Решение Microsoft для того, на что Вы смотрите, является политиками Ограничения программного обеспечения. Можно определить различные критерии для разрешения / запрещают выполнение программы.
Выполнение в его "позволяет все, режим" исключений блока (названный "Неограниченный режим" Microsoft) не поможет. Пользователи могут переименовать файлы или скопировать их с байтом мусора, добавленного в конце для отбрасывания криптографического хеша.
В "Режиме Disallowed", где только явно позволенным программам или путям разрешают работать, политика Ограничения программного обеспечения действительно имеет зубы. (С протестом, что, если у пользователей есть права "Администратора" затем, Ваши попытки остановки их будут беззубыми, неважно, как Вы настраиваете ее.) С пользователем неадминистратора и некоторые хорошо - определяют пути в "Режиме Disallowed" (пути, где пользователь не может записать файлы), можно сделать замечательное задание того, чтобы заставлять Windows XP препятствовать тому, чтобы несанкционированное программное обеспечение работало.
Очевидно, быть "отклоняет все, разрешает, чтобы явная" архитектура означала больше работы, настраивающей его, но "победа" - то, что это действительно может сохранить почти все нежелательное программное обеспечение от работы над компьютером (даже программное обеспечение, которое "живет" в папках, которые пользователь имеет права записать в - прием, который Google Chrome делает, например).
Я не могу подчеркнуть достаточно, что Вы пытаетесь решить проблему управления с техническими средствами. Это - рецепт для того, чтобы напрасно тратить время, тратя впустую усилие, и создавая больше проблем, чем Вы "решите". Если Вы не делаете что-то очень решительное как политики Ограничения программного обеспечения в режиме Disallowed (и разделите права Администратора пользователя), Вы действительно не доберетесь нигде. Если Вы действительно перейдете к таким решительным мерам, то Вы закончите тем, что провели значительно больше времени и денег, чем было бы потрачено, если управление просто "проявит мужество" (или "женщина", в зависимости от обстоятельств) и сделает их задание.
Это мог бы быть тот же случай, который я выполнил на не давным-давно.
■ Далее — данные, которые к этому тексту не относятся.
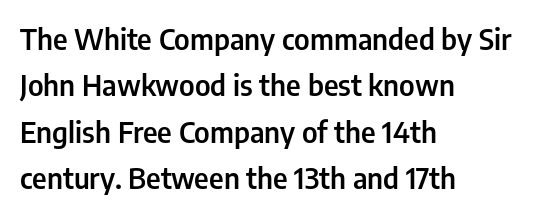
Q: Is the text bold? A: Semi-bold.
Q: Is the text italic (slanted)? A: No, it is upright.
Q: Is the typeface a serif or a sans-serif typeface? A: Sans-serif.
Q: Is the text underlined? A: No.
Q: How is the paragraph aligned? A: Left-aligned.
Q: Is the spacing between letters normal or unusually wide? A: Normal.
Q: Is the spacing between lines tight, normal or loose? A: Normal.
Q: Width (condensed, normal, or wide)? A: Condensed.
Q: Stroke contrast? A: Low.
Q: x-height? A: Medium.
Q: Monospaced? A: No.

Если у Вашей AD группы есть слишком много участников, она вызвала такую ошибку в Linux (где-нибудь на getent уровне, или незадолго до нее - ldapsearch хорошо работал).
Более точно ошибка не об определенном числе членов, а скорее о количестве символов на "строку группы" (думайте строка от/etc/group), быть больше, чем 1 023 символа. Я не изучал, почему этот предел там и почему 1024. Я только что создал вторую группу и переместил чрезмерных участников туда.
This is actually a pretty easy thing to fix, you need to add the following to your ldap.conf:
nss_schema rfc2307bis
This tells it to enumerate groups with a DN instead of just their CN. Also note that you can use the RFC2307 native attributes now (gecos, uid etc) as long as you have a 2003R2 DC or newer.